Fordham Rugby has consistently performed well both nationally and regionally, most recently in 2009 when FURFC reached the NRU D1 Playoff Final Four and were crowned Metropolitan New York D1 Champions. In 2009 FURFC also won the storied Cherry Blossoms Tournament. The year prior in 2008, FURFC fell short of the title and finished runner-up in the Metropolitan New York D1 final. In April 2016, Fordham Rugby won the Empire Rugby Conference 7s Championship Series. By winning the Empire Conference, Fordham Rugby's 7s Team qualified to compete for a national title at the USA Rugby College 7s National Championships. The team was also a D1 regional power during the 1990s despite sharing the division with perennial champion Army, who regularly appeared in the national title game during this period. Fordham was Army's toughest division rival during these years and regularly finished near the top of the conference. From 1992 to 1996, Fordham qualified for the national championship playoffs playing Harvard, UConn, Navy, and Buffalo respectively in the national tournament during these years. Fordham was also runner-up in the Metropolitan New York Division in 1992, 1993 and 1994. In 1996, Fordham Rugby finished as champions of the Metropolitan New York Division and was among the final 16 teams representing the east in the national championship tournament and graduated three All-American players.

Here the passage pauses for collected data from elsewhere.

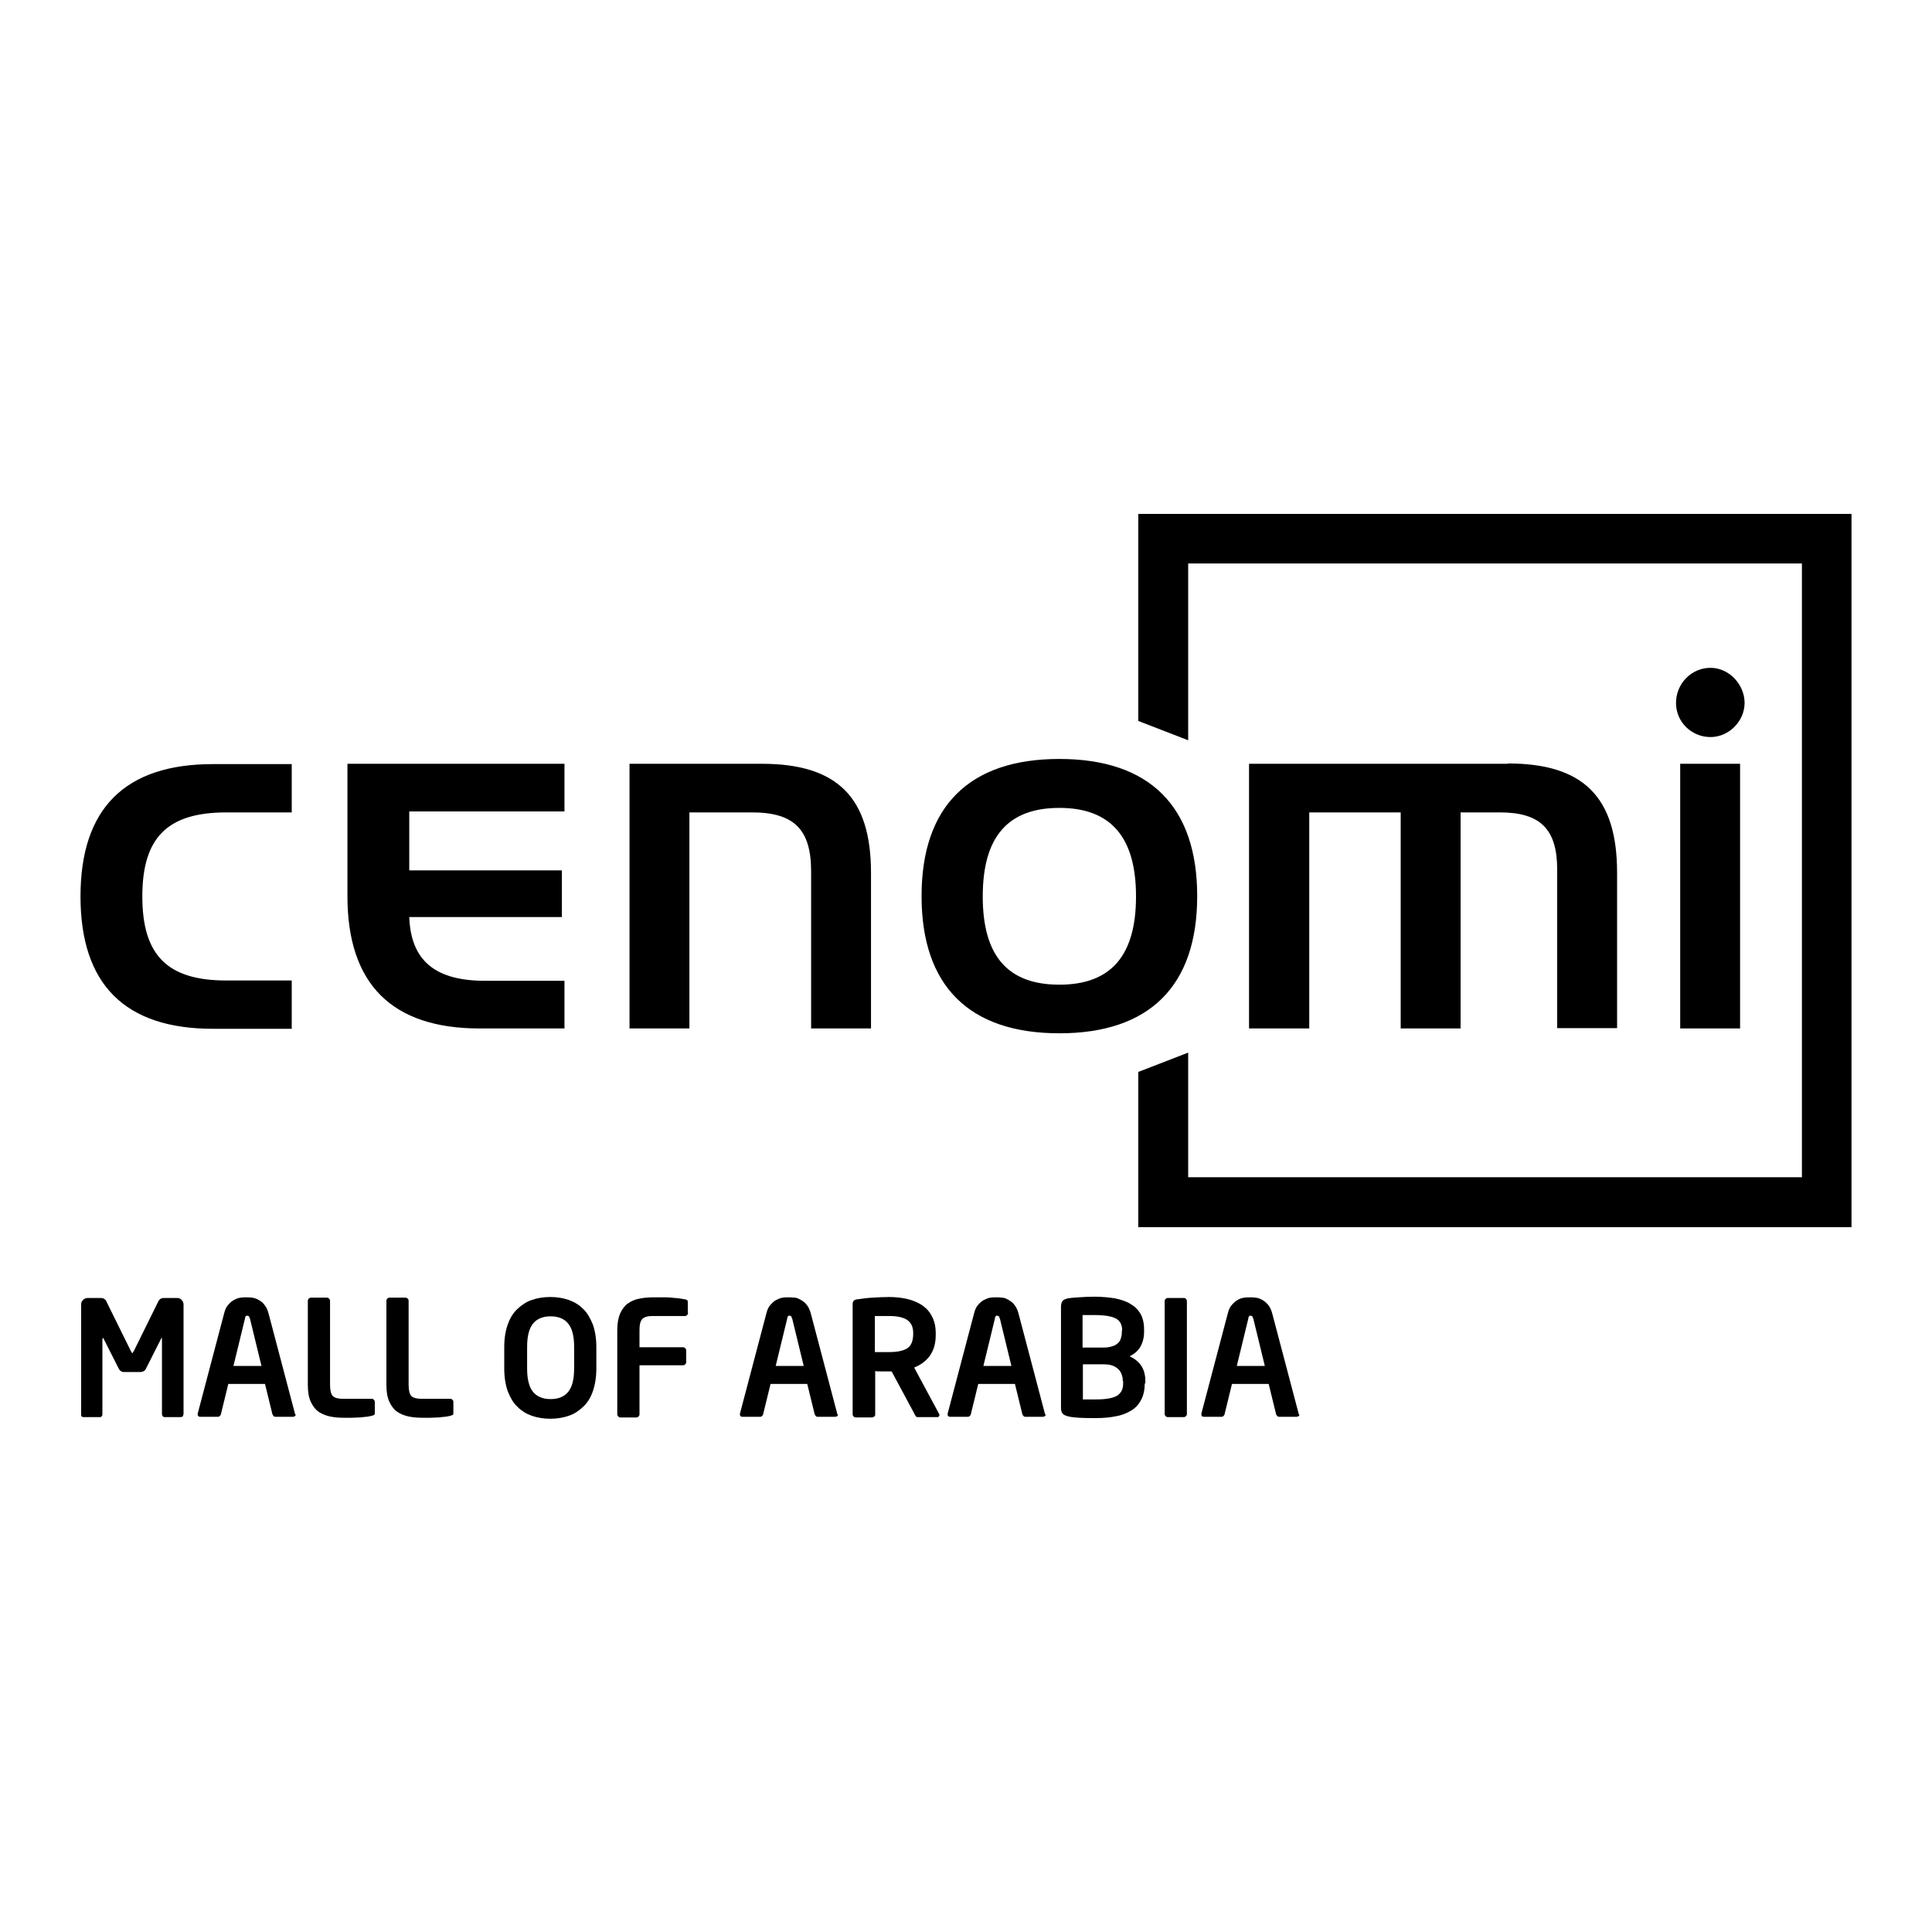 <?xml version="1.0" encoding="UTF-8"?>
<svg xmlns="http://www.w3.org/2000/svg" version="1.1" viewBox="200 200 600 600">
  <!-- Generator: Adobe Illustrator 28.7.1, SVG Export Plug-In . SVG Version: 1.2.0 Build 142)  -->
  <g>
    <g id="Layer_2">
      <g>
        <path d="M256.9,639.3c0,.3,0,.5-.2.6-.2.1-.4.2-.6.2h-5c-.2,0-.4-.1-.6-.3-.1-.2-.2-.4-.2-.7v-23.1c0-.3,0-.5-.1-.5s-.1.1-.2.3l-4.8,9.5c-.2.3-.4.5-.7.6-.3.1-.6.2-.9.2h-5c-.3,0-.6,0-.9-.2-.3-.1-.5-.4-.7-.6l-4.8-9.5c-.1-.2-.2-.3-.2-.3-.1,0-.2.2-.2.5v23.1c0,.3,0,.5-.2.7-.1.2-.3.3-.6.3h-5c-.2,0-.4,0-.6-.2-.2-.1-.2-.3-.2-.6v-34.2c0-.6.2-1,.6-1.4.4-.4.9-.6,1.4-.6h4.1c.4,0,.8.1,1.1.3.3.2.6.5.7.9l7.5,15.2c.1.2.2.4.3.5,0,.1.2.2.2.2s.2,0,.2-.2c0-.1.2-.3.3-.5l7.5-15.2c.2-.4.4-.7.7-.9.3-.2.7-.3,1.1-.3h4.1c.6,0,1,.2,1.4.6.4.4.6.9.6,1.4v34.2h0Z"/>
        <path d="M291.8,639.2c0,.3,0,.5-.2.6-.2.1-.4.2-.7.2h-5.3c-.2,0-.4,0-.6-.2-.2-.2-.3-.4-.4-.6l-2.3-9.4h-11.4l-2.3,9.4c0,.2-.2.4-.4.6-.2.2-.4.2-.6.2h-5.3c-.3,0-.5,0-.7-.2s-.2-.4-.2-.6,0,0,0-.1c0,0,0,0,0-.1l8.2-31.1c.3-1.2.7-2.1,1.3-2.7.6-.7,1.2-1.2,1.8-1.5.7-.4,1.3-.6,2-.7s1.3-.1,1.8-.1,1.1,0,1.8.1c.7.1,1.3.3,2,.7.7.4,1.3.8,1.8,1.5.6.7,1,1.6,1.3,2.7l8.2,31.1c0,0,0,.1,0,.1,0,0,0,0,0,.1ZM277.5,609.4c0-.3-.1-.5-.2-.6-.1-.1-.3-.2-.5-.2s-.4,0-.5.2c-.1.1-.2.3-.2.6l-3.6,14.8h8.7l-3.6-14.8h0Z"/>
        <path d="M316.4,638.7c0,.4,0,.6-.2.7-.1.1-.4.2-.8.3-.4.1-.9.2-1.6.3-.7,0-1.4.2-2.2.2s-1.6.1-2.4.1c-.8,0-1.6,0-2.2,0-1.6,0-3.1-.1-4.5-.4-1.4-.3-2.6-.8-3.6-1.5-1-.7-1.8-1.8-2.4-3.1-.6-1.3-.9-3-.9-5.2v-26.1c0-.3.1-.5.3-.7.2-.2.4-.3.7-.3h4.9c.3,0,.5.1.7.3.2.2.3.4.3.7v26.1c0,1.7.3,2.8.8,3.4.6.6,1.6.9,3,.9h9.1c.3,0,.5.1.7.3.2.2.3.4.3.7v3.2h0Z"/>
        <path d="M340.8,638.7c0,.4,0,.6-.2.7-.2.1-.4.2-.8.3-.4.1-.9.2-1.6.3-.7,0-1.4.2-2.2.2-.8,0-1.6.1-2.4.1-.8,0-1.6,0-2.2,0-1.6,0-3.1-.1-4.5-.4-1.4-.3-2.6-.8-3.6-1.5-1-.7-1.8-1.8-2.4-3.1-.6-1.3-.9-3-.9-5.2v-26.1c0-.3.1-.5.3-.7.2-.2.4-.3.7-.3h4.9c.3,0,.5.1.7.3.2.2.3.4.3.7v26.1c0,1.7.3,2.8.8,3.4.6.6,1.6.9,3,.9h9.1c.3,0,.5.1.7.3.2.2.3.4.3.7v3.2h0Z"/>
        <path d="M385.2,625c0,2.7-.4,5.1-1.1,7.1-.7,2-1.7,3.6-3,4.8-1.3,1.2-2.7,2.2-4.5,2.8s-3.6.9-5.7.9-3.9-.3-5.7-.9c-1.7-.6-3.2-1.5-4.5-2.8-1.3-1.2-2.2-2.8-3-4.8-.7-2-1.1-4.3-1.1-7.1v-6.7c0-2.7.4-5.1,1.1-7,.7-2,1.7-3.6,3-4.8,1.3-1.2,2.7-2.2,4.5-2.8,1.7-.6,3.6-.9,5.7-.9s3.9.3,5.7.9c1.7.6,3.2,1.5,4.5,2.8,1.3,1.2,2.2,2.9,3,4.8.7,2,1.1,4.3,1.1,7v6.7ZM378.3,618.3c0-3.3-.6-5.7-1.8-7.2-1.2-1.5-3-2.3-5.5-2.3s-4.3.8-5.5,2.3c-1.2,1.5-1.8,3.9-1.8,7.2v6.7c0,3.3.6,5.7,1.8,7.2,1.2,1.5,3,2.3,5.5,2.3s4.3-.8,5.5-2.3c1.2-1.5,1.8-3.9,1.8-7.2v-6.7Z"/>
        <path d="M413.7,607.7c0,.3-.1.5-.3.7-.2.2-.4.3-.7.3h-10.1c-1.5,0-2.5.3-3.1.9-.6.6-.9,1.7-.9,3.4v5.4h13.5c.3,0,.5.1.7.3.2.2.3.4.3.7v3.6c0,.3-.1.5-.3.7-.2.2-.4.3-.7.3h-13.5v15.2c0,.3-.1.5-.3.7-.2.2-.4.3-.7.3h-4.9c-.3,0-.5-.1-.7-.3-.2-.2-.3-.4-.3-.7v-26.1c0-2.1.3-3.8.9-5.2.6-1.3,1.4-2.4,2.4-3.1,1-.7,2.3-1.3,3.6-1.5,1.4-.3,2.9-.4,4.5-.4s2.7,0,3.8,0c1,0,1.9.1,2.6.2.7,0,1.3.1,1.8.2.5,0,.9.2,1.3.2.4,0,.6.2.8.3.2.1.2.4.2.7v3.2h0Z"/>
        <path d="M460.2,639.2c0,.3,0,.5-.2.6-.2.1-.4.2-.7.2h-5.3c-.2,0-.4,0-.6-.2-.2-.2-.3-.4-.4-.6l-2.3-9.4h-11.4l-2.3,9.4c0,.2-.2.4-.4.6-.2.2-.4.2-.6.2h-5.3c-.3,0-.5,0-.7-.2-.2-.1-.2-.4-.2-.6s0,0,0-.1c0,0,0,0,0-.1l8.2-31.1c.3-1.2.7-2.1,1.3-2.7.6-.7,1.2-1.2,1.8-1.5.6-.3,1.3-.6,2-.7s1.3-.1,1.8-.1,1.1,0,1.8.1c.7,0,1.3.3,2,.7.7.4,1.3.8,1.8,1.5.6.7,1,1.6,1.3,2.7l8.2,31.1c0,0,0,.1,0,.1,0,0,0,0,0,.1h0ZM445.9,609.4c0-.3-.1-.5-.2-.6-.1-.1-.3-.2-.5-.2s-.4,0-.5.2c-.1.1-.2.3-.2.6l-3.6,14.8h8.7l-3.6-14.8h0Z"/>
        <path d="M491.7,639.5c0,.4-.2.6-.6.6h-6.1c-.3,0-.5-.1-.6-.3s-.3-.4-.4-.7l-7.1-13.2h-.7c-.7,0-1.4,0-2.3,0-.9,0-1.6,0-2.1-.1v13.4c0,.3,0,.5-.3.7-.2.2-.4.3-.7.3h-5c-.3,0-.5-.1-.7-.3-.2-.2-.3-.4-.3-.7v-34.2c0-.5.1-.8.4-1.1.3-.2.7-.4,1.2-.4,1.3-.2,2.8-.4,4.5-.5,1.7-.1,3.5-.2,5.3-.2s3.8.2,5.5.6c1.7.4,3.2,1,4.6,1.9,1.3.9,2.4,2,3.1,3.5.8,1.4,1.2,3.2,1.2,5.3v.4c0,2.7-.6,4.8-1.8,6.5-1.2,1.7-2.9,2.9-4.9,3.7l7.8,14.5c0,.1.1.2.1.4h0ZM483.6,614c0-1.9-.6-3.2-1.9-4.1-1.2-.8-3.1-1.2-5.6-1.2s-.6,0-1,0c-.4,0-.8,0-1.3,0-.4,0-.8,0-1.2,0-.4,0-.7,0-.9,0v11.2c.2,0,.5,0,.9,0,.4,0,.8,0,1.3,0,.4,0,.9,0,1.3,0,.4,0,.7,0,.9,0,2.6,0,4.5-.4,5.7-1.2,1.2-.8,1.8-2.3,1.8-4.5v-.4h0Z"/>
        <path d="M524.7,639.2c0,.3,0,.5-.2.6-.2.1-.4.2-.7.2h-5.3c-.2,0-.4,0-.6-.2-.2-.2-.3-.4-.4-.6l-2.3-9.4h-11.4l-2.3,9.4c0,.2-.2.4-.4.6-.2.2-.4.2-.6.2h-5.3c-.3,0-.5,0-.7-.2-.2-.1-.2-.4-.2-.6s0,0,0-.1c0,0,0,0,0-.1l8.2-31.1c.3-1.2.7-2.1,1.3-2.7.6-.7,1.2-1.2,1.8-1.5.6-.3,1.3-.6,2-.7.7-.1,1.3-.1,1.8-.1s1.1,0,1.8.1c.7,0,1.3.3,2,.7.7.4,1.3.8,1.8,1.5.6.7,1,1.6,1.3,2.7l8.2,31.1c0,0,0,.1,0,.1,0,0,0,0,0,.1h0ZM510.4,609.4c0-.3-.1-.5-.2-.6-.1-.1-.3-.2-.5-.2s-.4,0-.5.2c-.1.1-.2.3-.2.6l-3.6,14.8h8.7l-3.6-14.8h0Z"/>
        <path d="M555.5,629.7c0,2-.4,3.7-1.1,5-.7,1.4-1.7,2.5-3,3.3-1.3.8-2.9,1.5-4.7,1.8-1.8.4-3.9.6-6.3.6s-3.8,0-5.2-.1c-1.5-.1-2.6-.2-3.3-.4-.8-.2-1.4-.4-1.8-.8-.4-.4-.6-1-.6-1.9v-31.3c0-.9.2-1.5.5-1.9.4-.4.9-.6,1.7-.8.7-.1,1.7-.2,3.2-.3,1.5-.1,3.2-.2,5.1-.2s4.3.2,6.2.5c1.9.4,3.5.9,4.8,1.7,1.4.8,2.4,1.8,3.2,3.1.7,1.3,1.1,2.9,1.1,4.7v1c0,1.7-.4,3.2-1.1,4.5-.8,1.3-1.9,2.3-3.4,3,1.5.7,2.7,1.6,3.6,2.9.8,1.2,1.3,2.8,1.3,4.7v.8h0ZM548.5,613.2c0-1.7-.6-3-1.9-3.7-1.3-.7-3.5-1.1-6.7-1.1s-1.2,0-1.9,0c-.7,0-1.2,0-1.8,0v10.1h6.3c1.2,0,2.1-.1,2.9-.4.8-.2,1.4-.6,1.8-1,.4-.4.8-.9.9-1.5.2-.6.3-1.2.3-1.8v-.7h0ZM548.7,629c0-.7-.1-1.4-.3-2-.2-.6-.5-1.2-1-1.7s-1.1-.9-1.9-1.2c-.8-.3-1.7-.4-2.9-.4h-6.3v10.9c.6,0,1.3,0,2.1,0,.8,0,1.5,0,2,0,1.6,0,2.9-.1,4-.3,1.1-.2,1.9-.5,2.6-.9.6-.4,1.1-1,1.4-1.6.3-.7.4-1.4.4-2.3v-.7h0Z"/>
        <path d="M568.6,639.1c0,.3-.1.5-.3.7-.2.2-.4.3-.7.3h-4.9c-.3,0-.5-.1-.7-.3-.2-.2-.3-.4-.3-.7v-35c0-.3.1-.5.3-.7.2-.2.4-.3.7-.3h4.9c.3,0,.5,0,.7.3.2.2.3.4.3.7v35Z"/>
        <path d="M603.5,639.2c0,.3,0,.5-.2.6-.2.1-.4.2-.7.2h-5.3c-.2,0-.4,0-.6-.2-.2-.2-.3-.4-.4-.6l-2.3-9.4h-11.4l-2.3,9.4c0,.2-.2.4-.4.6-.2.2-.4.2-.6.2h-5.3c-.3,0-.5,0-.7-.2-.2-.1-.2-.4-.2-.6s0,0,0-.1c0,0,0,0,0-.1l8.2-31.1c.3-1.2.7-2.1,1.3-2.7.6-.7,1.2-1.2,1.8-1.5.6-.4,1.3-.6,2-.7.7-.1,1.3-.1,1.8-.1s1.1,0,1.8.1c.7.1,1.3.3,2,.7.7.4,1.2.8,1.8,1.5.6.7,1,1.6,1.3,2.7l8.2,31.1c0,0,0,.1,0,.1,0,0,0,0,0,.1ZM589.1,609.4c0-.3-.1-.5-.2-.6-.1-.1-.3-.2-.5-.2s-.4,0-.5.2c-.1.1-.2.3-.2.6l-3.6,14.8h8.7l-3.6-14.8h0Z"/>
        <path d="M553.5,359.5v64.4l15.5,6v-54.9h190.6v190.6h-190.6v-38.7l-15.5,6v48.2h221.5v-221.5h-221.5Z"/>
        <path d="M270.3,504.5h20.3v15h-24.5c-27.3,0-41.1-13.8-41.1-41.1s13.8-41.1,41.1-41.1h24.5v15h-20.3c-18.3,0-26.1,7.8-26.1,26.1s7.8,26.1,26.1,26.1ZM327.1,484.8h47.4v-14.5h-47.4v-18.3h48.2v-14.8h-67.4v41.1c0,27.3,13.8,41.1,41.1,41.1h26.3v-14.8h-24.6c-15.6,0-23.1-6.3-23.6-19.8M436.6,437.2h-41.1v82.2h18.6v-67.1h19.5c13,0,18.3,5.3,18.3,18.3v48.8h18.6v-48.3c0-23.5-10.5-33.9-33.9-33.9ZM571.8,478.3c0,27.9-14.8,42.6-42.8,42.6s-42.8-14.7-42.8-42.6,14.8-42.6,42.8-42.6,42.8,14.7,42.8,42.6ZM529,450.9c-16,0-23.8,9-23.8,27.5s7.8,27.4,23.8,27.4,23.8-9,23.8-27.4-7.8-27.5-23.8-27.5ZM668.3,437.2h-80.4v82.2h18.7v-67.1h28.4v67.1h18.6v-67.1h12.2c12.6,0,17.8,5.2,17.8,17.8v49.2h18.6v-48.3c0-23.5-10.5-33.9-33.9-33.9M721.8,437.2v82.2h18.6v-82.2h-18.6ZM731.2,407.4c-5.9,0-10.7,4.9-10.7,10.9s4.9,10.6,10.7,10.6,10.6-5,10.6-10.6-4.7-10.9-10.6-10.9Z"/>
      </g>
    </g>
  </g>
</svg>

== Academics and community service ==
Although it competes at the highest intercollegiate level, Fordham Rugby is officially a club sport as determined by the Fordham Athletics Department. Membership is open to any Fordham undergraduate. As such, FURFC membership reflects the diversity of Fordham. The club's emphasis on academic achievement is evident in the high number of student-athletes who are members of the Fordham Honor's College or routinely qualify for the Dean's List. In addition to their many academic accomplishments, the Fordham University Rugby Football Club fulfills regular service commitments to the St. Baldrick's Foundation, The American Red Cross and a host of other organizations and non-profits dedicated to the betterment of the community.

== Facilities ==
FURFC's historic home pitch is Murphy Field situated on Fordham's Historic Rose Hill campus. In addition to Murphy Field, FURFC makes occasional use of Coffey Field, Fordham's football complex.